PROBLEM
Give back exactly the lines of the material below that start at the one holding "কুটছিলরাসভনি" and end at the last line, minus the pictures.

※

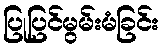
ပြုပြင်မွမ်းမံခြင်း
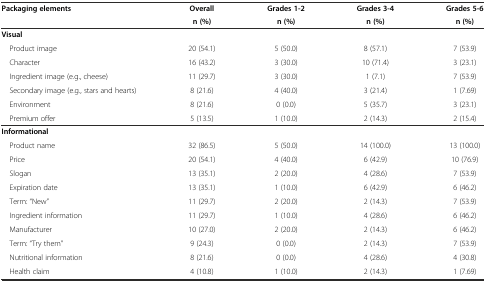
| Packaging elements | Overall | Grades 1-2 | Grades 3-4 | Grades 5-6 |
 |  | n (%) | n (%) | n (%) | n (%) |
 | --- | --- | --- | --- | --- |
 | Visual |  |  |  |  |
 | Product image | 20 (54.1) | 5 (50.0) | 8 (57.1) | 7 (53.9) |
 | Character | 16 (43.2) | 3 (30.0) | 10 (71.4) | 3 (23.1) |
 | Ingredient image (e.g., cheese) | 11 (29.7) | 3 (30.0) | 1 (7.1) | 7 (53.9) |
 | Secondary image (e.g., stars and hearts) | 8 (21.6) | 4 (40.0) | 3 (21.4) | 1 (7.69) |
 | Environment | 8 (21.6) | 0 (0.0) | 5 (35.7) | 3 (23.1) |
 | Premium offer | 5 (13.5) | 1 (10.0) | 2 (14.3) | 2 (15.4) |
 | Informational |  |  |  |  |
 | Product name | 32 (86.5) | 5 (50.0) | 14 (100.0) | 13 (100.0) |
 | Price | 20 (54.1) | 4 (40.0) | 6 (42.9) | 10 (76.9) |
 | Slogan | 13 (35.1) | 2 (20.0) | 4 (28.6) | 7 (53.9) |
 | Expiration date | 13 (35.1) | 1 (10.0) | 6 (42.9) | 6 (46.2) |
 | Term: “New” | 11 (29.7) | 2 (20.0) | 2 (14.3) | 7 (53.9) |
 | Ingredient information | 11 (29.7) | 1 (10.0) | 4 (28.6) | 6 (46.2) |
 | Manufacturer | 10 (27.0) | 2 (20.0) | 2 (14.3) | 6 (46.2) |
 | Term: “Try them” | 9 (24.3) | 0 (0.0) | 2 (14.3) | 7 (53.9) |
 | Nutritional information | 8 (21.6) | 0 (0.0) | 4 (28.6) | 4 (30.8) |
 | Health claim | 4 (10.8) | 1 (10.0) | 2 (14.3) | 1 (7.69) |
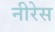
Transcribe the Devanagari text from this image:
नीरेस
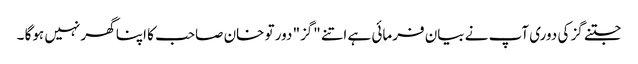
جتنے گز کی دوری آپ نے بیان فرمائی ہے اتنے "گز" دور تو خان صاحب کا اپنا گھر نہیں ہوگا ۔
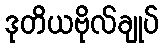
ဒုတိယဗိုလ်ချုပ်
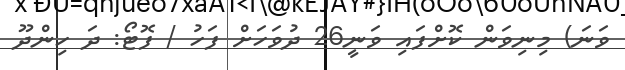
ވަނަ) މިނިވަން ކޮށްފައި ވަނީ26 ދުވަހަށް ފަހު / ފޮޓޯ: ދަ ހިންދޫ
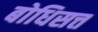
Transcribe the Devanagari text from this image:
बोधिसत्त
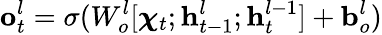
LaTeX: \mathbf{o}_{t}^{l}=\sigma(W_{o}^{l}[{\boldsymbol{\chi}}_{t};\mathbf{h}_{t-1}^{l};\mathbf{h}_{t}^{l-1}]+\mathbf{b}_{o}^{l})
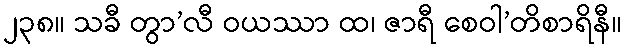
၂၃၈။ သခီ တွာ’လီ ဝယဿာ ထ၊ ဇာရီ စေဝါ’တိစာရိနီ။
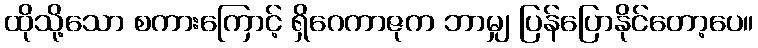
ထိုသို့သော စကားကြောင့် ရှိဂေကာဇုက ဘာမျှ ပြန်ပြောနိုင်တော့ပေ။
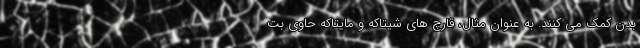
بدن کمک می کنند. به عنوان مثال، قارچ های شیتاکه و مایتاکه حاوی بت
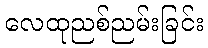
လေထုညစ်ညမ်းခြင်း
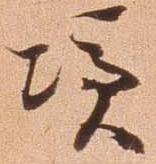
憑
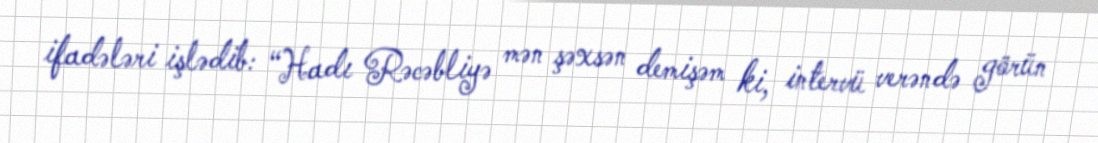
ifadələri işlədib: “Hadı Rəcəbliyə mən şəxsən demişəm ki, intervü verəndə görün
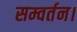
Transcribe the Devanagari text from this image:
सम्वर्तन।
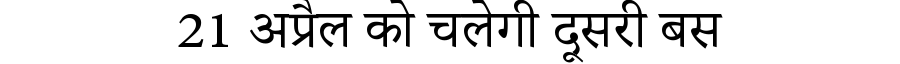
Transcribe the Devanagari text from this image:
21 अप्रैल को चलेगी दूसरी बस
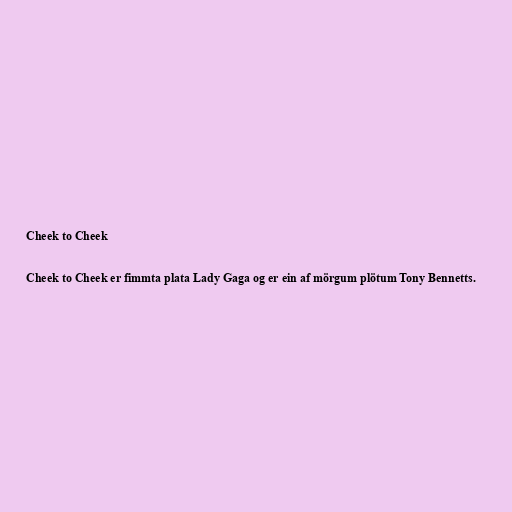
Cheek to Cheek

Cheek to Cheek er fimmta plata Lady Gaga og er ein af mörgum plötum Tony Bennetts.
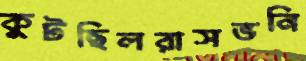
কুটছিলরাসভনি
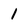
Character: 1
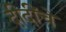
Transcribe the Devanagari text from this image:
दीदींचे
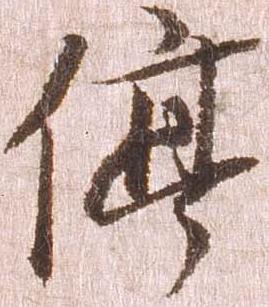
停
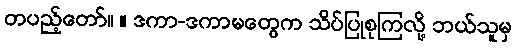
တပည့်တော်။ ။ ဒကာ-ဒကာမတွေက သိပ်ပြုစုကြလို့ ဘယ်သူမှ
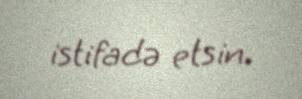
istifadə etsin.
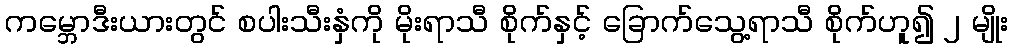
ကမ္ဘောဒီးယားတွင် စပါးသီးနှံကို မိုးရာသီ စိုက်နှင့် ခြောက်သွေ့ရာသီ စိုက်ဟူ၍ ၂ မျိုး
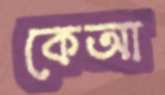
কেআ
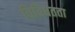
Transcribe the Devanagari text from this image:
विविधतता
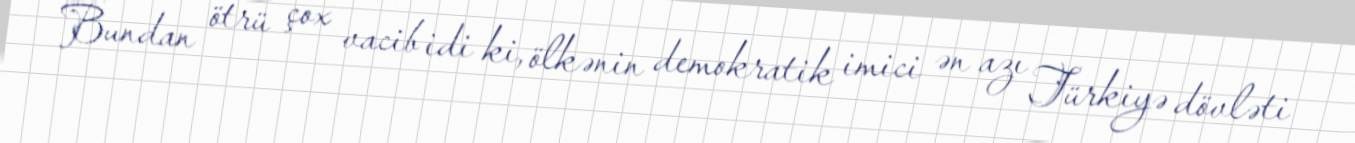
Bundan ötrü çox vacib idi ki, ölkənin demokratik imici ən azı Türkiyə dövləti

※

YOUR RESPONSE
কুটছিলরাসভনি
Character: 1
Transcribe the Devanagari text from this image:
दीदींचे
停
တပည့်တော်။ ။ ဒကာ-ဒကာမတွေက သိပ်ပြုစုကြလို့ ဘယ်သူမှ
istifadə etsin.
ကမ္ဘောဒီးယားတွင် စပါးသီးနှံကို မိုးရာသီ စိုက်နှင့် ခြောက်သွေ့ရာသီ စိုက်ဟူ၍ ၂ မျိုး
কেআ
Transcribe the Devanagari text from this image:
विविधतता
Bundan ötrü çox vacib idi ki, ölkənin demokratik imici ən azı Türkiyə dövləti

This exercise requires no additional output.